I could see, people partial to Israel getting underwear in a bunch if all I wrote about were news articles from B’Tslem, Peace Now or Palestinian Chronicle, but I rarely quote them.

I also get accused of only writing about the “bad” things Israel does, I believe the term is “Israel sucks diaries”. Let me explain how I pick stories to include. Each action by a Palestinian or an Israeli either brings them closer to peace or provokes the other to do something in retaliation. After reading Israeli newspapers for close to over two years….I see a pattern. Israel provokes, Palestine responds. Obviously, this is my opinion. I firmly believe there will be peace when Israel wants peace….and not a day sooner. Billions pumped onto the Israelis economy because of the continuing wars just might act as a deterrent to peace. Don’t you think?

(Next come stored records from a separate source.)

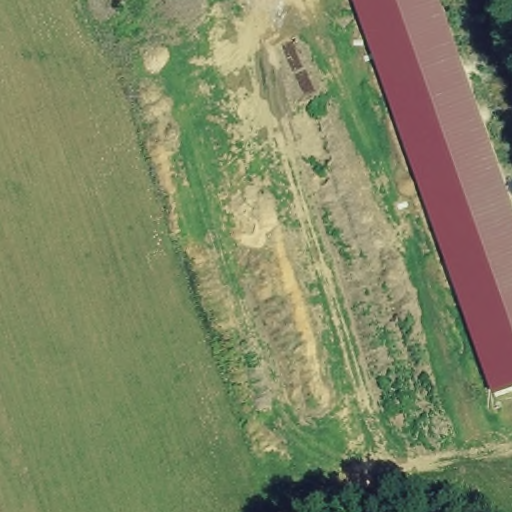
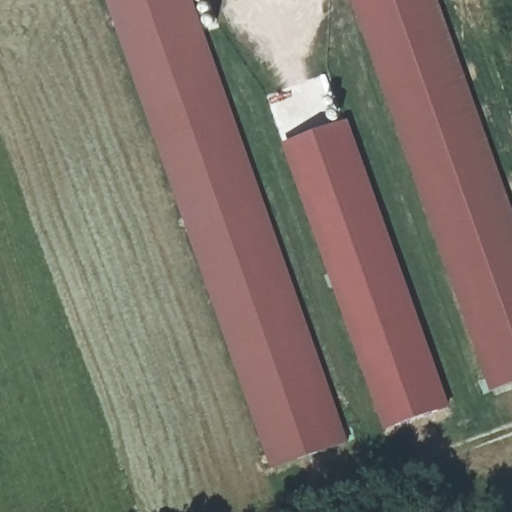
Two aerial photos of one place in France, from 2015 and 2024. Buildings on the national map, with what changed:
new [(271,470),(106,0),(193,0),(349,442),(271,470)]
unchanged [(512,207),(512,385),(493,392),(353,0),(439,0),(512,207)]
new [(384,431),(281,145),(348,121),(451,407),(384,431)]

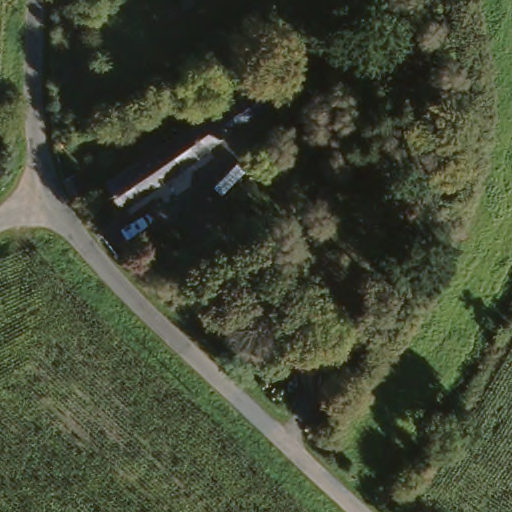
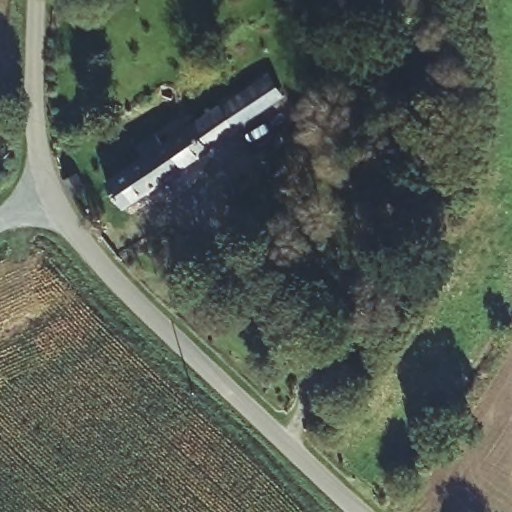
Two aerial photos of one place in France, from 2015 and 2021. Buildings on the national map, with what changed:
unchanged [(211,102),(245,79),(263,102),(229,126),(226,123),(211,102)]
unchanged [(226,123),(198,142),(200,149),(120,207),(101,180),(137,155),(129,142),(148,131),(154,142),(211,102),(226,123)]
unchanged [(65,182),(72,177),(79,190),(69,197),(65,182)]

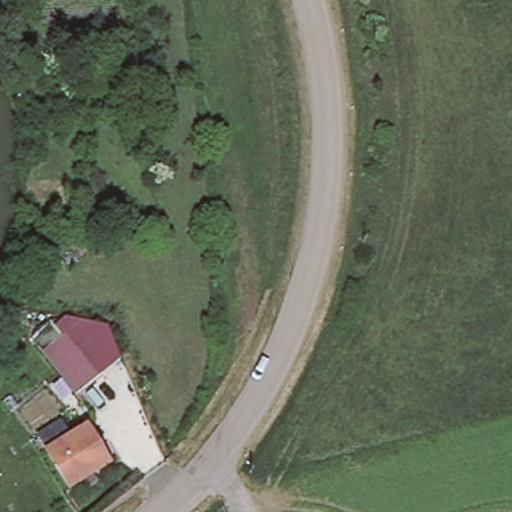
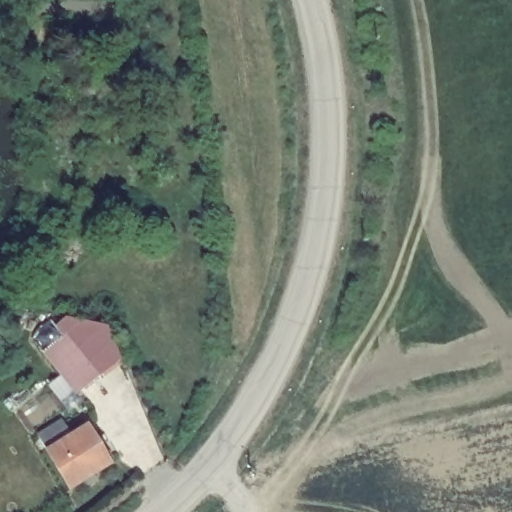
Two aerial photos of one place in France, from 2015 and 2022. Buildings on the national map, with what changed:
unchanged [(75,394),(42,351),(47,346),(42,337),(75,309),(119,359),(75,394)]
unchanged [(37,449),(51,441),(54,447),(73,436),(83,431),(90,427),(100,447),(95,450),(104,466),(93,473),(62,491),(41,454),(37,449)]

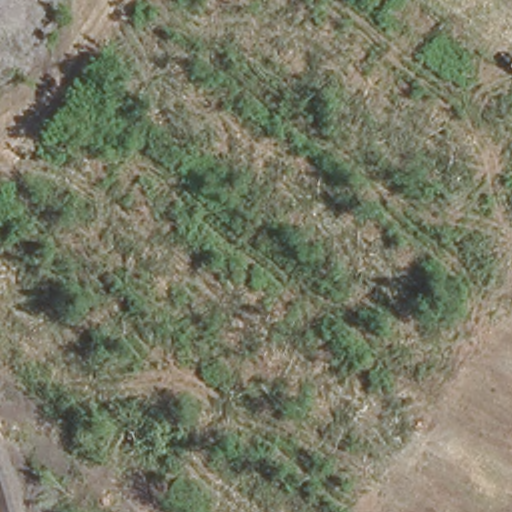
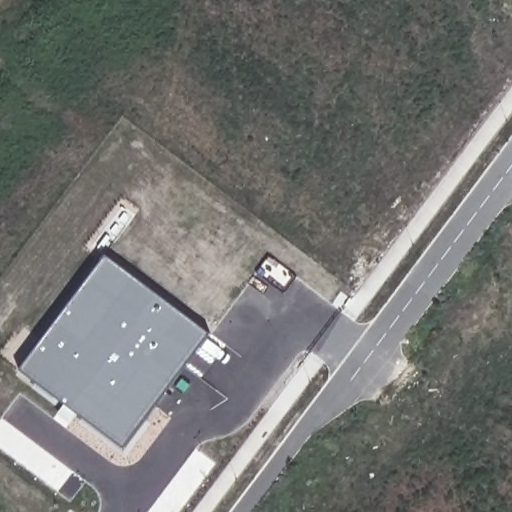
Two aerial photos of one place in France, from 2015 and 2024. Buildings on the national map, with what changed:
new [(122,448),(19,371),(105,254),(209,334),(122,448)]

I don’t see the actions of either one in a vacuum. For example, last year before the kidnapping of the soldier by Gaza militants happened, a family was murdered on a beach. The kidnapping of the IDF soldier was in retaliation to the massacre of the Palestinian family on a Gaza beach. There was a time that Gazans could not enjoy their beaches because they were controlled by IDF forces and settlers. So finally Palestinians could go to their beach (after the settlements pulled out) and enjoy a picnic. But an Israel gunboat decided to join the party.

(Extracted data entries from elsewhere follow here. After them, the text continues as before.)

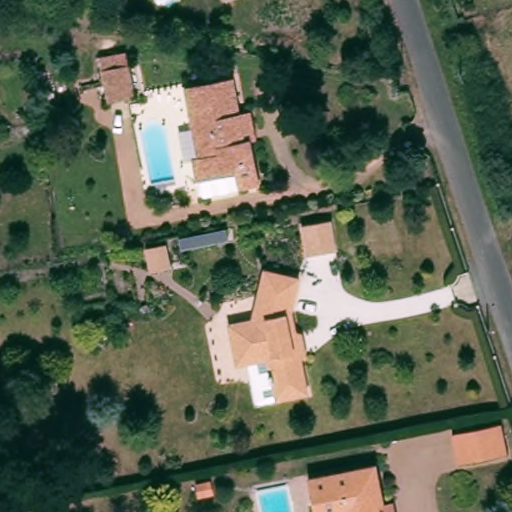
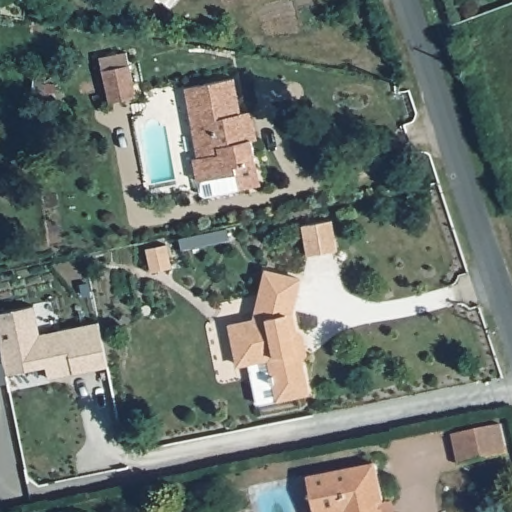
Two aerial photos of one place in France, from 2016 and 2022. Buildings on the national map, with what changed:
unchanged [(136,97),(110,102),(100,58),(126,52),(136,97)]
unchanged [(261,185),(204,196),(200,193),(197,181),(193,158),(199,157),(185,87),(234,77),(241,114),(252,112),(257,139),(252,140),(256,162),(261,185)]
unchanged [(166,242),(171,267),(151,271),(147,246),(166,242)]
unchanged [(305,354),(301,358),(308,392),(277,400),(269,358),(238,365),(230,325),(254,320),(265,270),(300,278),(292,312),(296,331),(301,333),(305,354)]
new [(49,377),(46,366),(5,372),(0,345),(0,311),(35,303),(40,332),(99,321),(109,365),(75,372),(49,377)]
new [(7,382),(0,383),(0,344),(7,382)]
unchanged [(501,428),(507,458),(458,468),(452,438),(501,428)]
unchanged [(376,463),(384,502),(392,501),(394,512),(316,512),(309,477),(376,463)]

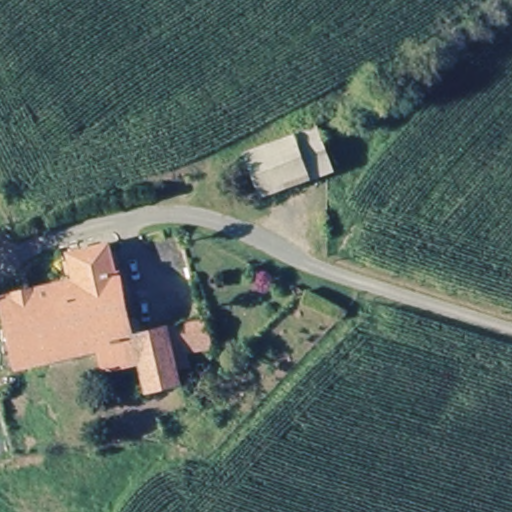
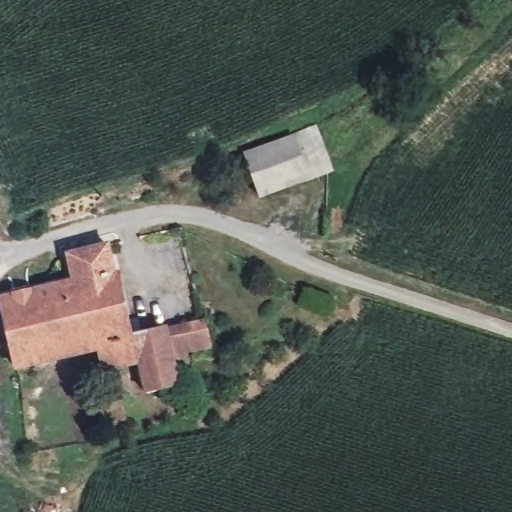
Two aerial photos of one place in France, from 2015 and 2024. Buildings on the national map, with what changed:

Also, just before the soldier was taken did you know a Palestinian doctor and his teenaged son were kidnapped with no charges given? See a pattern?

Just like in the states, the Israeli military has extremist elements in it.  Right-winged proponents in our military….pro-settlements proponents in the IDF. To ignore the issue will not make it go away.

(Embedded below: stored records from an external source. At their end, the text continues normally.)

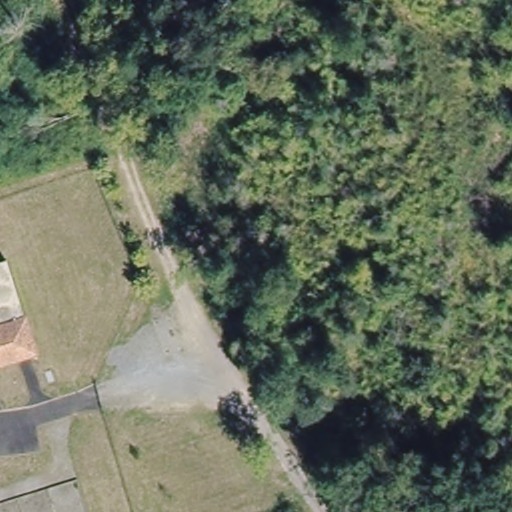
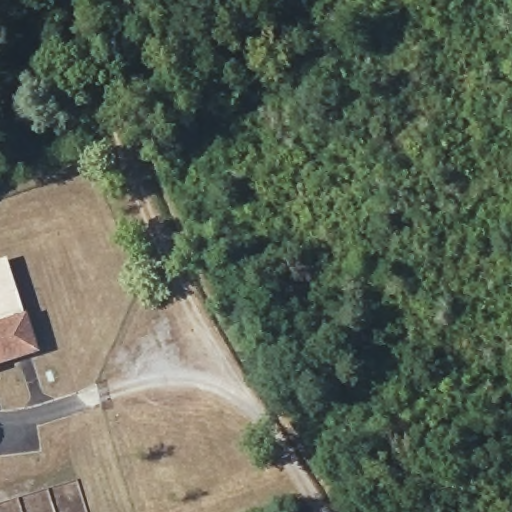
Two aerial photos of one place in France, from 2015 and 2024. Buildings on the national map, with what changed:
unchanged [(0,333),(0,269),(8,266),(25,325),(0,333)]
unchanged [(36,359),(0,370),(0,333),(25,325),(36,359)]

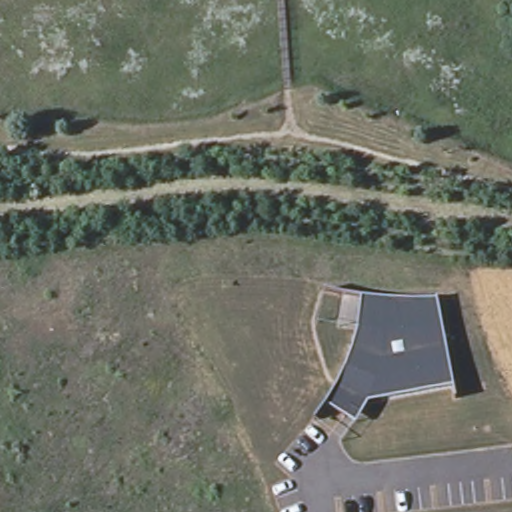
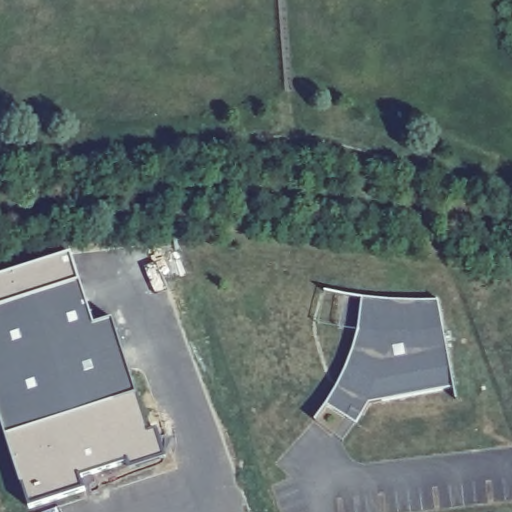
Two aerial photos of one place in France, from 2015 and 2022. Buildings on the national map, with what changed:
new [(163,457),(131,469),(128,461),(78,477),(82,491),(30,507),(0,413),(0,278),(71,257),(94,326),(112,322),(148,435),(156,432),(163,457)]
unchanged [(349,362),(360,332),(363,298),(405,301),(440,301),(455,387),(370,402),(357,424),(328,404),(349,362)]

Last week qassams fell in Sderot. And 5 Palestinian children were shot dead.

Funding one side, and enabling the other has brought us no closer to peace.

Very timely article, even Israeli Jews are intimidated:

Ha’aretz, Israel’s Liberal Beacon

In Israel, spirited debate was once a cultural imperative. Now it is a rare, if precious, resource, as is Ha’aretz and its emphatic liberal consciousness. Though Palestinian suicide bombers and Hezbollah rocket attacks have all but muted Israel’s high-decibel, hydra-headed politics, there is Ha’aretz, arousing and provoking with its pro-peace apostasy. Not only does the paper challenge its readers; it makes money doing it. The depth, passion and wit of its reporting recalls the best of the long-extinguished Washington Star or Britain’s once-sassy Independent. The paper routinely scoops its larger rivals, the tabloids Yediot Ahronot and Ma’ariv, particularly when it comes to US-Israeli relations, and it is the closest thing the Middle East has to an indispensable read. (It is also the only major Israeli daily with an editorial page; in June Yediot Ahronot dropped its editorial section and, like Ma’ariv, now restricts itself to signed opinion pieces.)

Ha’aretz’s opposition to Israel’s most controversial policies–the occupation of the West Bank and the incarceration of Gaza behind a fortified wall, the systematic discrimination against Israel’s Arab citizenry, last year’s war in Lebanon–makes it a life raft for anyone who despairs of the Jewish state’s rightward lurch but who is too afraid to criticize it openly for fear of being tarred as an anti-Semite, an appeaser of terrorists or a self-hating Jew.

“Israel is in a coma,” says Ha’aretz senior writer Gideon Levy, bête noire of Ha’aretz critics and patron saint to its most loyal readers for his relentless campaign against the occupation. “There was a time when you’d ask two Israelis a question and you’d get three opinions. Now you get only one.”

Like museum curators who deny a national treasure to a marauding foe, Landau and his staff preserve Israel’s tradition of dissent from the demagogues of our Age of Fear. When Ha’aretz’s coverage of seismic events has triggered a wave of subscription cancellations–most notably for its empathetic reports of Palestinian suffering in the early days of the second intifada and its condemnation of Israel’s invasion of Lebanon last year–publisher Amos Schocken has struck back with defiant editorials. When American academics John Mearsheimer and Stephen Walt were slandered last year for their article in The London Review of Books, which alleged a pernicious influence over US Middle East policy by the so-called Israel lobby, Ha’aretz ran an editorial that condemned the “McCarthyite policing of academia” as “deeply un-Jewish.” Last September, when violent clashes erupted between Hamas and Fatah in Gaza, auguring the climactic split that would come in June, Ha’aretz correspondent Amira Hass ruled them the inevitable result of “the extended experiment called ‘what happens when you imprison 1.3 million human beings in an enclosed space like battery hens.'”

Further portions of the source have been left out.